-- Opening Marker --

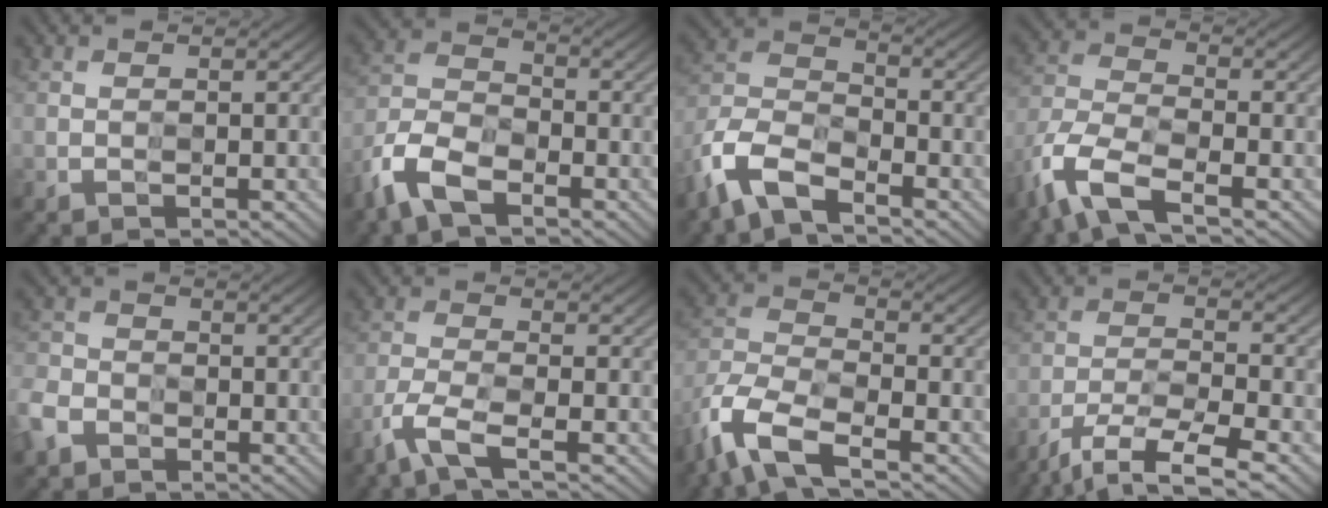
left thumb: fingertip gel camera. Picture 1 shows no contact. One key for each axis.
{"total": 8.8, "fx": -6.3, "fy": 4.1, "fz": 4.7, "tx": -0.102, "ty": -0.010, "tz": -0.135}
{"total": 10.1, "fx": -7.2, "fy": 4.5, "fz": 5.5, "tx": -0.117, "ty": -0.011, "tz": -0.157}
{"total": 9.2, "fx": -6.7, "fy": 3.1, "fz": 5.6, "tx": -0.129, "ty": -0.014, "tz": -0.146}
{"total": 5.2, "fx": -3.5, "fy": 3.5, "fz": 1.6, "tx": -0.044, "ty": -0.009, "tz": -0.082}
{"total": 4.9, "fx": -4.0, "fy": 0.7, "fz": 2.8, "tx": -0.068, "ty": -0.005, "tz": -0.090}
{"total": 10.3, "fx": -7.3, "fy": 3.8, "fz": 6.1, "tx": -0.141, "ty": -0.013, "tz": -0.160}
{"total": 7.7, "fx": -6.8, "fy": 0.9, "fz": 3.5, "tx": -0.070, "ty": -0.006, "tz": -0.125}
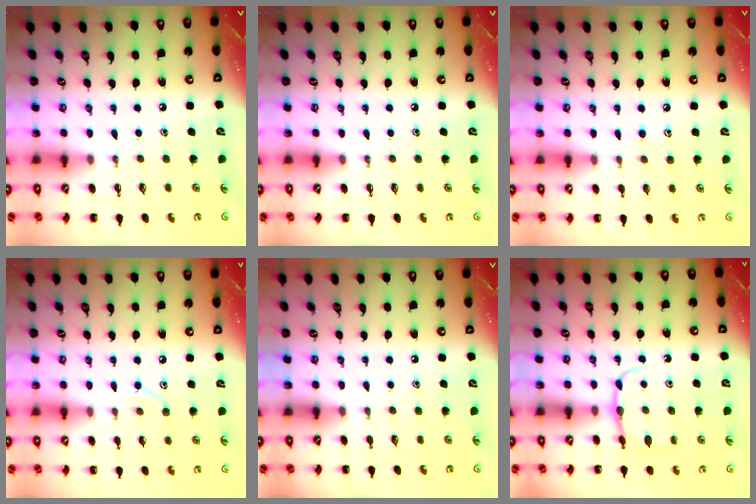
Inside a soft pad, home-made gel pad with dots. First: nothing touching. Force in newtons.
{"total": 0.0}
{"total": 4.5, "press": 4.3, "slide": 1.5}
{"total": 6.6, "press": 6.2, "slide": 2.1}
{"total": 0.9, "press": 0.9, "slide": 0.2}
{"total": 5.0, "press": 4.8, "slide": 1.4}
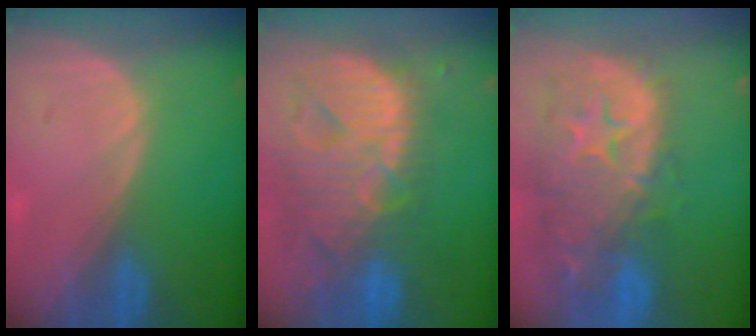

-- Closing Marker --

Exercise details: Output the listing above exactly, but leave its pictures behind.

Answer for the task:
left thumb: fingertip gel camera. Picture 1 shows no contact. One key for each axis.
{"total": 8.8, "fx": -6.3, "fy": 4.1, "fz": 4.7, "tx": -0.102, "ty": -0.010, "tz": -0.135}
{"total": 10.1, "fx": -7.2, "fy": 4.5, "fz": 5.5, "tx": -0.117, "ty": -0.011, "tz": -0.157}
{"total": 9.2, "fx": -6.7, "fy": 3.1, "fz": 5.6, "tx": -0.129, "ty": -0.014, "tz": -0.146}
{"total": 5.2, "fx": -3.5, "fy": 3.5, "fz": 1.6, "tx": -0.044, "ty": -0.009, "tz": -0.082}
{"total": 4.9, "fx": -4.0, "fy": 0.7, "fz": 2.8, "tx": -0.068, "ty": -0.005, "tz": -0.090}
{"total": 10.3, "fx": -7.3, "fy": 3.8, "fz": 6.1, "tx": -0.141, "ty": -0.013, "tz": -0.160}
{"total": 7.7, "fx": -6.8, "fy": 0.9, "fz": 3.5, "tx": -0.070, "ty": -0.006, "tz": -0.125}
Inside a soft pad, home-made gel pad with dots. First: nothing touching. Force in newtons.
{"total": 0.0}
{"total": 4.5, "press": 4.3, "slide": 1.5}
{"total": 6.6, "press": 6.2, "slide": 2.1}
{"total": 0.9, "press": 0.9, "slide": 0.2}
{"total": 5.0, "press": 4.8, "slide": 1.4}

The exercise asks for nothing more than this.